Define Hardware Classes
API: modelplane.ai/v1alpha1 · InferenceClass
An InferenceClass is a tested recipe for a GPU node pool. It bundles:
- Devices: the node’s hardware as a list of Dynamic Resource Allocation (DRA)
style devices, each with a driver, count, typed attributes, and capacity. The
scheduler matches a member’s
nodeSelectoragainst these devices, and GPUs bind to pods through DRA. - Provisioning (optional): how to create a node pool of this class on a specific cloud. Classes without provisioning are for existing clusters where the pool already exists.
Different clouds and GPU types imply different classes. A GKE L4 pool is
gke-l4-1x-g2. A bare-metal H100 pool is h100-8x-byo (no provisioning).
Describing devices
A class’s devices follow Kubernetes
Dynamic Resource Allocation
(DRA), the mechanism modern Kubernetes uses to match GPUs to pods. Each device
has a driver (the vendor that owns it, such as gpu.nvidia.com), a count
(how many a node has), typed attributes (such as architecture), and
capacity (quantities, such as memory). This mirrors the shape the GPU’s DRA
driver publishes on a real node, so what you declare here is what an ML team’s
nodeSelector matches against and what DRA binds at runtime.

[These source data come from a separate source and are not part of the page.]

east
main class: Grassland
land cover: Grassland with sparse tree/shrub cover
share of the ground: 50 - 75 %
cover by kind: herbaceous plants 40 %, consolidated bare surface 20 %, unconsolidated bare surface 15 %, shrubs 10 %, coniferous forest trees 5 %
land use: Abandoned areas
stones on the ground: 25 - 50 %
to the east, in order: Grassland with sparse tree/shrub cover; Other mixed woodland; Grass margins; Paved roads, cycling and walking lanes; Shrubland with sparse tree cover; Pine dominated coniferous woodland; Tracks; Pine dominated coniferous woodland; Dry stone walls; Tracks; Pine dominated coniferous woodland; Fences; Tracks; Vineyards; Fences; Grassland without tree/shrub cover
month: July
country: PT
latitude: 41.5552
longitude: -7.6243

You author the attribute and capacity keys, and there’s no fixed list. Pick the ones an ML team would reasonably select on, the GPU memory, the architecture, the compute capability, using the same names the driver reports.
DRA and synthetic devices
Each device sets a claim discriminator:
DRA(the default) is hardware a real DRA driver exposes, today GPUs. Modelplane both schedules against it and binds it to pods.Syntheticis described for scheduling only, never claimed. Use it for hardware that matters for placement but has no DRA driver yet, like an InfiniBand fabric.
The device contract
The driver, attribute keys, and capacity keys a class declares are a contract
with the ML team: a ModelDeployment’s nodeSelector matches a pool only if the
class publishes the attributes and capacity it asks for. ML teams write those
matches as CEL selectors over the keys you publish here. For
GPUs, these keys should mirror what the DRA driver reports, so the same selector
that places a deployment on the pool also binds the right device.

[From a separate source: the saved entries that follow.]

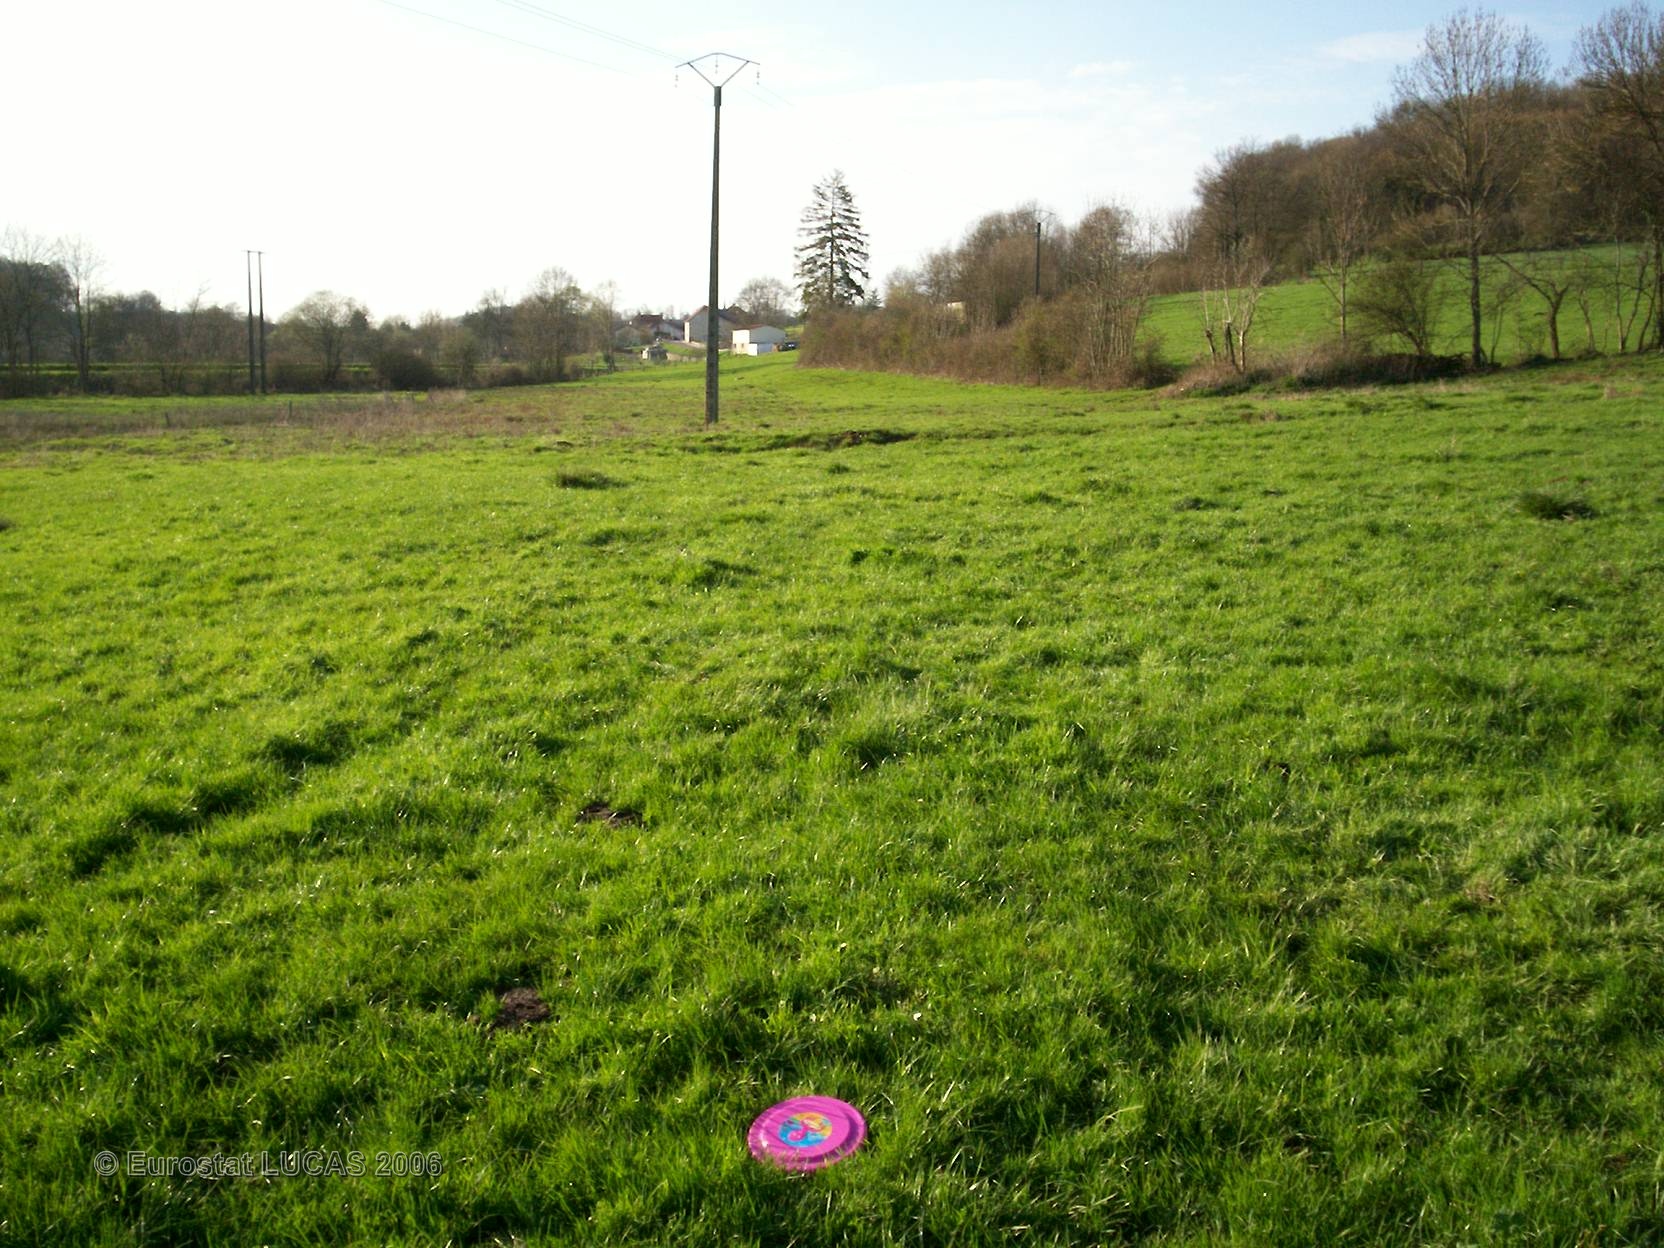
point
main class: Grassland
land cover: Grassland without tree/shrub cover
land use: Agriculture (excluding fallow land and kitchen gardens)
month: April
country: FR
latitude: 47.9958
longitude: 5.2689

Publish a device’s real usable capacity, not its nominal spec. An 80GB H100
reports about 81559Mi of usable memory, so a class that declares 80Gi would
let a nodeSelector asking for >= 80Gi match the pool but then fail to bind the
GPU.
Examples
# An InferenceClass describing GKE g2-standard-8 with one NVIDIA L4 GPU.
#
# The provisioning block tells Modelplane how to create a node pool of
# this class on GKE. The devices block describes what hardware a node of
# this class has, DRA-style - used by the scheduler to match models to
# clusters, and to form DRA ResourceClaims for claim: DRA devices.
apiVersion: modelplane.ai/v1alpha1
kind: InferenceClass
metadata:
name: gke-l4-1x-g2
spec:
description: "GKE g2-standard-8, 1x NVIDIA L4"
provisioning:
provider: GKE
gke:
machineType: g2-standard-8
diskSizeGb: 100
accelerator:
type: nvidia-l4
count: 1
devices:
- name: gpu
claim: DRA
driver: gpu.nvidia.com
deviceClassName: gpu.nvidia.com
count: 1
attributes:
architecture: { string: Ada Lovelace }
capacity:
memory: { value: "23034Mi" }
# An InferenceClass describing EKS g6.xlarge with one NVIDIA L4 GPU.
#
# The provisioning block tells Modelplane how to create a node group of
# this class on EKS. The devices block describes what hardware a node of
# this class has, DRA-style - used by the scheduler to match models to
# clusters, and to form DRA ResourceClaims for claim: DRA devices.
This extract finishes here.